We followed each age group up to 70 years of age. Annual cycles were included in the model to reflect the annual probabilities of death.

Discount rate employed

An annual 3% discount rate was used for all inputs and rewards. The issue of discount rate selected continues to be debated, but we selected the lower of the two most commonly used rates in the literature [19].

Effectiveness of smoking cessation interventions

We used similar 52-week abstinence rates for the smoking cessation regimens used by Baker and Pietri [20] and which were imputed from the latest randomized controlled EAGLES trial [9]. The effectiveness of brief counseling was an approximate value (5%) taken from key reviews [21, 22].

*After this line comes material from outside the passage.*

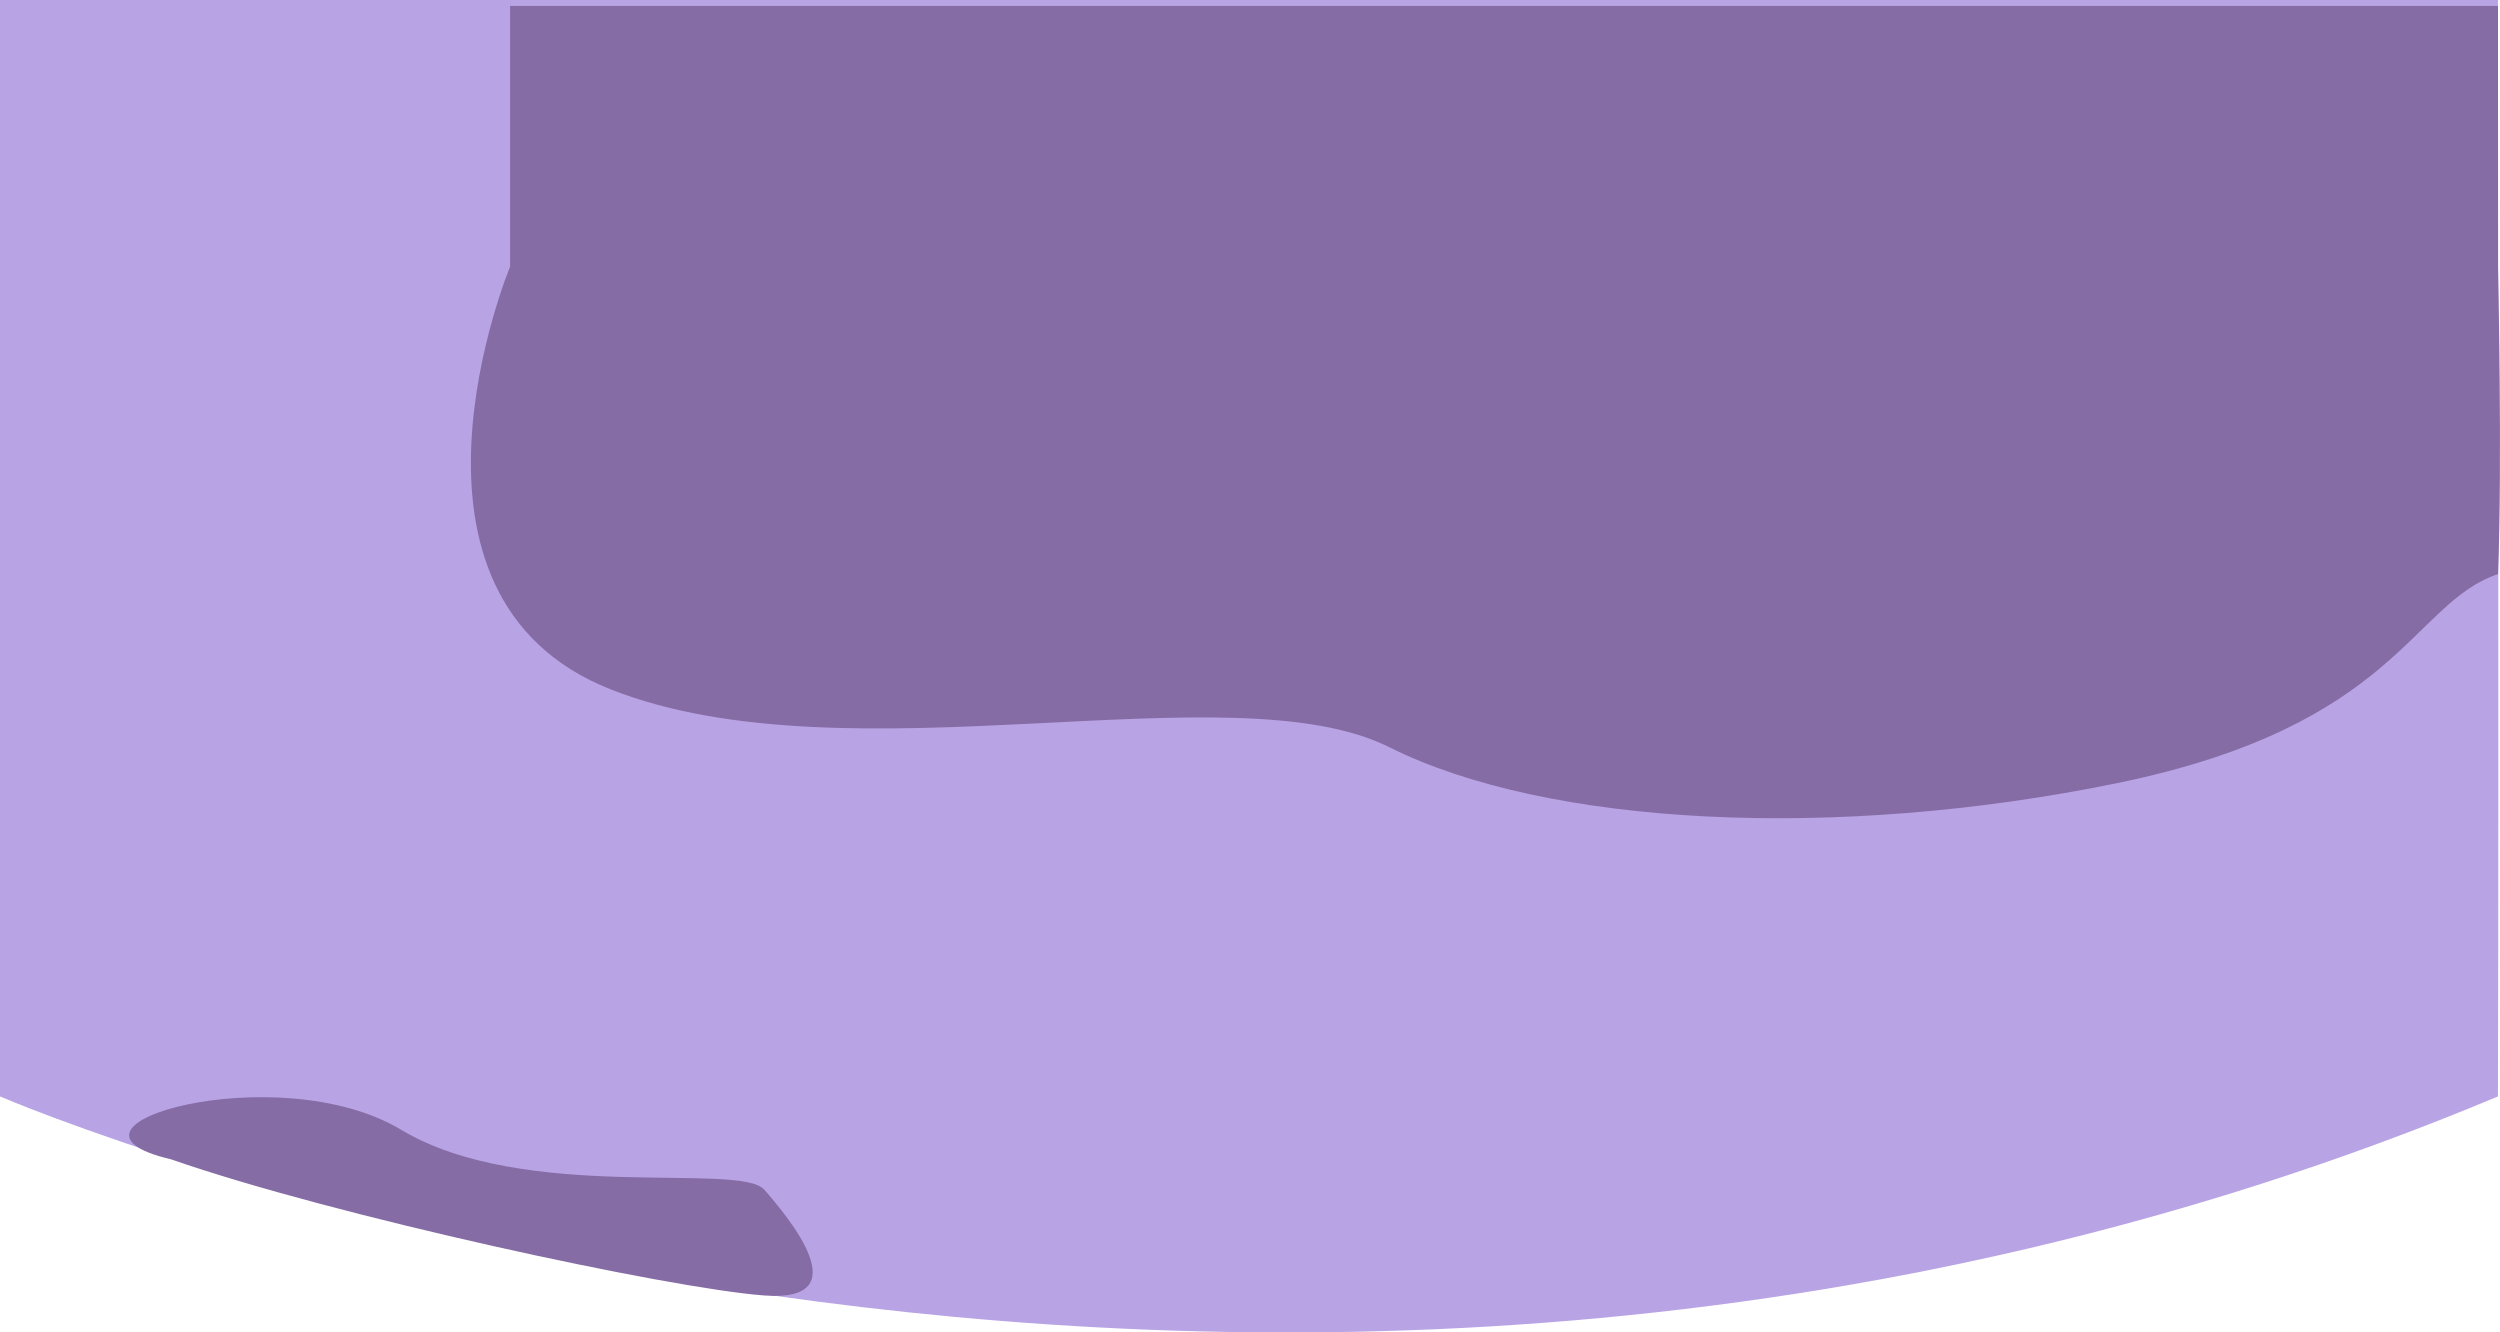 <svg xmlns="http://www.w3.org/2000/svg" width="375.245" height="200" viewBox="0 0 375.245 200"><path d="M6405,885.593s184.561,79.709,374.936,0c.143-43.858,0-164.574,0-164.574H6405Z" transform="translate(-6405 -721.02)" fill="#b8a3e4"/><path d="M1399.221,2989.02s-20.549,49.412,15.142,63.472,93.013-3.244,116.807,8.653,67.056,14.06,109.236,5.407,44.216-27.055,57.195-31.381c.672-16.283,0-46.151,0-46.151V2949.89h-298.38Z" transform="translate(-1322.655 -2949)" fill="#866ca5"/><path d="M1384.722,3103.45c-14.292-1.059-64.6-11.918-89.062-20.443-21.041-4.9,16.015-15.551,34.542-4.435s50.816,4.764,54.521,9S1399.014,3104.509,1384.722,3103.45Z" transform="translate(-1270 -2909)" fill="#866ca5"/></svg>

Benefits of smoking cessation

We used life years gained as the main benefit of smoking cessation. We did not have sufficient information specific to the Jordanian healthcare setting to generate morbidity or event-specific costs (such as costs associated with altered rates of tobacco-related diseases). We used Jordanian life table numbers to obtain the death rate for each age group of male Jordanians [13]. We then used Taylor et al.’s study to calculate the hazard ratio of death for smokers in each group, as well as the hazard for death in quitters according to the time since they quit [23].

Outcomes

We generated life years gained as a result of smoking cessation through medication use in each arm (varenicline and NRTs), compared to no medication use. We also generated the total direct costs incurred as a result of medication use. Finally, costs per life years gained were calculated as a measure of incremental cost-effectiveness.

Threshold

More than one method has been proposed to determine cost-effectiveness thresholds [24-26]. To address the variable estimates of thresholds, we opted to interpret our results using more than one threshold. A relatively generous threshold of one to three times the gross domestic product (GDP) per capita was considered [24], as was a more conservative threshold that was approximately 0.21 to 0.84 times the GDP [25]. Jordan’s per capita GDP in 2019 was estimated at JD3116 ($4395 USD) [27]. Thus, a generous threshold of JD3116 ($4395 USD) was considered, as was a conservative threshold of JD1636 ($2307 USD) (the midpoint for the range suggested by Woods et al. [25] was used to calculate this). Table 1 summarizes the parameters used in the Markov model.

Table 1

Overview of parameters used in the base case analysis of cost-effectiveness of varenicline, combined nicotine replacement therapy, or no pharmacotherapy

Parameter	Value	Reference (if applicable)
Prevalence of smokers per age group	30–39, 61.3%; 40–49, 61.4%; 50–59, 62.3%; 60+, 24.8%	Jaghbir et al. [6]
Prevalence of smokers intending to quit in the next 30 days	49%	Abughosh et al. [16]
Effectiveness (derived 52-week abstinence rates)		Baker and Pietri, Fiore et al., Stead et al. [20–22]
Varenicline	17.9%
NRTs	13.3%
No medication (single physician visit)	5.0%
Probability of remaining abstinent having quit by 52 weeks	95%	Hughes et al. [28]
Risk of relapse after one year of abstinence	8%	Hughes et al. [28]
Unaided quit in subsequent years	2.9%	Jaghbir et al. [6]
Jordanian life table numbers were used to obtain the gender-specific death rate for each age group. We then used Taylor et al.’s study to derive the hazard ratio of death for smokers in each group, plus the hazard for death among quitters according to the time since they quit (Appendix 1)	30–34 years, 0.005 × 1.6875; 35–39 years, 0.007 × 1.6875; 40–44 years, 0.011 × 2.34; 45–49 years, 0.018 × 2.34; 50–54 years, 0.03 × 2.82; 55–59 years, 0.051 × 2.82; 60–64 years, 0.081 × 2.80; 65–69 years, 0.129 × 2.80; 70–74 years, 0.205 × 2.52	WHO and Taylor et al. [1, 23]
Costs of treatment (US dollars)		Pharmaceutical unit prices retrieved from the Jordanian Food and Drug Administration (JFDA) [29]
Varenicline, physician visits (3 months)	270.00
NRTs, physician visits (3 months)	192.00
No medication (three physician visits)	21.00
Discount rate	3%	Attema et al. [19]
Cost-effectiveness threshold	JD3116/$4395 (generous); JD1636/$2307 (conservative)*; JD8000 by WHO	Woods et al. and WHO [24, 25]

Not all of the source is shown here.